It is giving me the wrong values for the inertia tensor though.

	mass	Expected Inertial Tensor	Actual Inertial Tensor
Cube	6.00	1.6667 1.6667 1.6667	3.0000 3.0000 3.0000
Sphere	3.11	0.5236 0.5236 0.5236	0.5151 0.5162 0.5163
Cylinder	7.80	4.5488 1.7671 4.5488	8.7134 1.8217 8.7134

Cube has 1m sides, Sphere has 0.5m radius, Cylinder has 0.5m radius and 2m height. All are centered around the origin.

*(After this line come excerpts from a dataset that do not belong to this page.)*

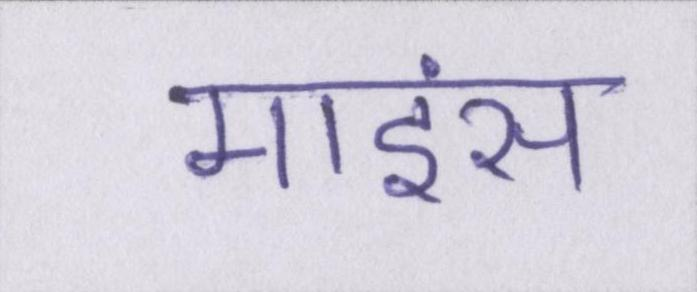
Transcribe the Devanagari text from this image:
माइंस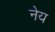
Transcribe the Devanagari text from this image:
नेय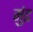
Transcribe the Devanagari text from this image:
मुंढ

Note that I am using the total surface area as the mass. Assume that the thickness * density = 1 so mass = area * thickness * density becomes mass = area * 1. I will be picking better values for those later because I assume that will not have that big of an effect on the algorithm.

Also note that some rounding is to be expected because the shapes are being approximated by a triangular mesh.

Answer 1

For a shell body to have mass and mass moment of inertia, the sides must have some thickness ε>0.

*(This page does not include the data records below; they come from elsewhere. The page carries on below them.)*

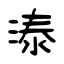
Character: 溙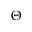
\Theta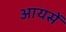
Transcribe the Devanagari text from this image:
आयसें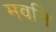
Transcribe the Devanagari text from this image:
मवनि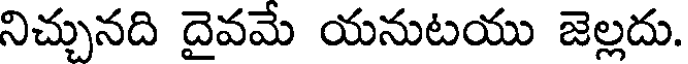
నిచ్చునది దైవమే యనుటయు జెల్లదు.

This defines the mass of a triangle defined by the vectors A, B and C and thickness ε and density ρ as

area = 1/2*Math.Abs( Vector3.Cross(A,B) + Vector3.Cross(B,C) + Vector3.Cross(C,A) )
mass = ρ*area*ε

or the above can be used to find the density from the total mass of an object, once the total surface area is calculated.

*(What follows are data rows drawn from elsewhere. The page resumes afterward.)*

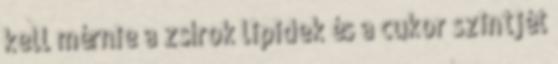
kell mérnie a zsírok lipidek és a cukor szintjét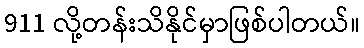
911 လို့တန်းသိနိုင်မှာဖြစ်ပါတယ်။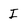
Character: I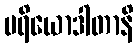
ပရိယောဒါတာနိ

To find the mass moment of inertia you need to define a function returning the MMOI matrix of a unit mass particle from the location vector r=(x,y,z).

Matrix3 Mmoi(Vector3 r)
{
    //     | y^2+z^2    -x y      -x z   |
    // I = |  -x y     x^2+z^2    -y z   |
    //     |  -x z      -y z     x^2+y^2 |
    return new Matrix3(
        r.y*r.y + r.z*r.z, -r.x*r.y, -r.x*r.y,
        -r.x*r.y, r.x*r.x + r.z*r.y, -r.y*r.z,
        -r.x*r.z, -r.y*r.z, r.x*r.x + r.y*r.y);
}

and then calculate the MMOI of a triangle from the vertices and the mass

Matrix3 Mmoi(double m, Vector3 A, Vector3 B, Vector3 C)
{
    return (m/3)*(Mmoi(A)+Mmoi(B)+Mmoi(C));
}

_{The above is derived from the surface integral over the triangle, and since [SO] does not support math formatting I am omitting the details here.}

Yes the above is true, the MMOI of a surface triangle is that of the average MMOI of the three vertices.

Update

In correlating the above with CAD I realized you have to integrate over both front and back surfaces of the triangle. The result that matches CAD mass properties is

Matrix3 Mmoi(double m, Vector3 A, Vector3 B, Vector3 C)
{
    return 2*(m/3)*(Mmoi(A)+Mmoi(B)+Mmoi(C));
}